От болезни проступали резче его восточные черты, не из Ветхого завета, а скорей из «Тысячи и одной ночи»: линия союзных бровей на белом прекрасном лбу дополнялась мысленно тюрбаном. Когда он топтался у входа в свою квартиру, увлеченный разговором, и долго, не входя сам, держал гостя у порога, темная ночь со звездами вдруг казалась не нашей, а очень южной, и замечательный разговор его о славянофилах с своеобразным захлебываньем и горготаньем делал его не писателем русским, а каким-то халдейским магом, заблудившимся в наших снегах.
К концу жизни от него исходила особая радость, и было чувство, что он непреложно что-то получил и торопится раздать. В те дни невольного угасания интереса друг к другу, когда все силы направлены были, как у перегруженных лошадей, чтобы вывезти как-нибудь воз, его отеческая забота запоминалась.

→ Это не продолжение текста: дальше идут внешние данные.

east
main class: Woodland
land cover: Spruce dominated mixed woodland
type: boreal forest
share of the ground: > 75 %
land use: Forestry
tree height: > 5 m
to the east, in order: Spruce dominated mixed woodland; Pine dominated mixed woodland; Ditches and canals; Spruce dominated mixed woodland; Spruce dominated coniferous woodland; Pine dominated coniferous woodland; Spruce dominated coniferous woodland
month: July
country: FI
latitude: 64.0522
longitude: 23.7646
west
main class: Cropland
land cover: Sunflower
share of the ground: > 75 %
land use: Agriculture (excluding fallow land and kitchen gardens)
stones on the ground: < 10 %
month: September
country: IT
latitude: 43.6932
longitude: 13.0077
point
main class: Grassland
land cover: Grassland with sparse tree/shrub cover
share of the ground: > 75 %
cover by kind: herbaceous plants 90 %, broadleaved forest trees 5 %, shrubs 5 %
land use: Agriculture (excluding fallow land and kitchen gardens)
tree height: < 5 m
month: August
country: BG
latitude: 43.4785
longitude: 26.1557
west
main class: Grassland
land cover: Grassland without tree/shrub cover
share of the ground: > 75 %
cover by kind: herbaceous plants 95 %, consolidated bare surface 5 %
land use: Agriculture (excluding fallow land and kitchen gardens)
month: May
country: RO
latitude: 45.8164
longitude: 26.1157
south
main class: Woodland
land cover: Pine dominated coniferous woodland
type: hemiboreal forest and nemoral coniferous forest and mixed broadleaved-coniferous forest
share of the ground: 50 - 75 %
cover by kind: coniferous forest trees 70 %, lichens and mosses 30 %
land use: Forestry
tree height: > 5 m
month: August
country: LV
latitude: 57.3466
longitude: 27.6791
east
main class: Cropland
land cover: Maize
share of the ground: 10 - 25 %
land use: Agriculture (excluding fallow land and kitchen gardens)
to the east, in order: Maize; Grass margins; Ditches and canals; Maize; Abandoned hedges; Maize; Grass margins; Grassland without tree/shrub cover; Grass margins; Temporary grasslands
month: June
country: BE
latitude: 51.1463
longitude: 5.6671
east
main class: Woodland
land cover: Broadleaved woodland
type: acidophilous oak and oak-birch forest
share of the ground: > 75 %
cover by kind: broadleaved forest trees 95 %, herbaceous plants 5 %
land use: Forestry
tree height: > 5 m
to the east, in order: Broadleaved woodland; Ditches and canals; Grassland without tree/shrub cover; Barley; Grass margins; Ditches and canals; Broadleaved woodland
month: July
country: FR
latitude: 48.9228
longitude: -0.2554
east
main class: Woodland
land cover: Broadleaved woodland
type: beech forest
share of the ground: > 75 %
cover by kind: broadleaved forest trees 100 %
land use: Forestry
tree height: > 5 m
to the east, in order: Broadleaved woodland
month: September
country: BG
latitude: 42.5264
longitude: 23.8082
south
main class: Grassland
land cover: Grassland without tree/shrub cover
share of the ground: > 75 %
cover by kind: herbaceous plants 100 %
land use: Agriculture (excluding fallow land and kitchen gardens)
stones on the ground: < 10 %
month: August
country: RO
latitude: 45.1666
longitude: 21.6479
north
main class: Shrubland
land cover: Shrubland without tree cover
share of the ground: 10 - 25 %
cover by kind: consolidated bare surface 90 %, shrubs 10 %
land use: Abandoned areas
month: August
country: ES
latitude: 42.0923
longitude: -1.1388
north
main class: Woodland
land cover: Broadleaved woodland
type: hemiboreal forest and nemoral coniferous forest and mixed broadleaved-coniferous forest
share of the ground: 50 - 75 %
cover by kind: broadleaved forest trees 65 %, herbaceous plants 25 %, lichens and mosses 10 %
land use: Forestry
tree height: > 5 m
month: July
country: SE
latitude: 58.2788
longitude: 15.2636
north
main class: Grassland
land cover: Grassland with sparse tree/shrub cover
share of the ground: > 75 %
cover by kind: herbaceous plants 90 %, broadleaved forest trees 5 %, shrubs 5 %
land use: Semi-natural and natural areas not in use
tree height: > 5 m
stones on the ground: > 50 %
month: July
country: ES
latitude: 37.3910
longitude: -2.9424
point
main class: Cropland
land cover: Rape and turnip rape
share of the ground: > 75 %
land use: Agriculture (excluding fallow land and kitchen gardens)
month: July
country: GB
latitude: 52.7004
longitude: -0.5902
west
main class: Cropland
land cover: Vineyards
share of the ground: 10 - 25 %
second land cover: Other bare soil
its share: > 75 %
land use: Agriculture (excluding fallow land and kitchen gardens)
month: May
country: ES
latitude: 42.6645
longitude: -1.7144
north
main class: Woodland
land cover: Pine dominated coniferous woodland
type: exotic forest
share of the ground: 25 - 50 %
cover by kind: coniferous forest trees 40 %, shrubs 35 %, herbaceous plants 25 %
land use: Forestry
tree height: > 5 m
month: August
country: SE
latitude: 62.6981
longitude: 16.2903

Ничто не походило на то, что он у конца своей жизни. Только раз как-то, говоря о больших начатых работах, он просто, как о постороннем, со стороны, сказал:
– Я их уже не окончу.
Как ни помещай себя человек в жизнь общественную, в смертный час он один. И умрет один. И как ни завалены дни делами, порой не забить им мыслишку: «Ну, а как мне умирать? Что же пожелать себе самому в смертный час? Как в старину – тишины, созерцания, внутренней самоочистки, сведения итогов? Последней законной гордости – себе укрыться у себя же?» Или, не заботясь уже ни о каких итогах и спецподготовках к смертному часу (а жизнь-то на чем прошла?), человек вдруг в какую-то особую минуту поймет, что самое облегчающее – это все отдать людям, тем, кто еще остается, притом отдать невзирая на лица.
Эту готовность отцовства люди узнают безошибочно и тотчас влекутся.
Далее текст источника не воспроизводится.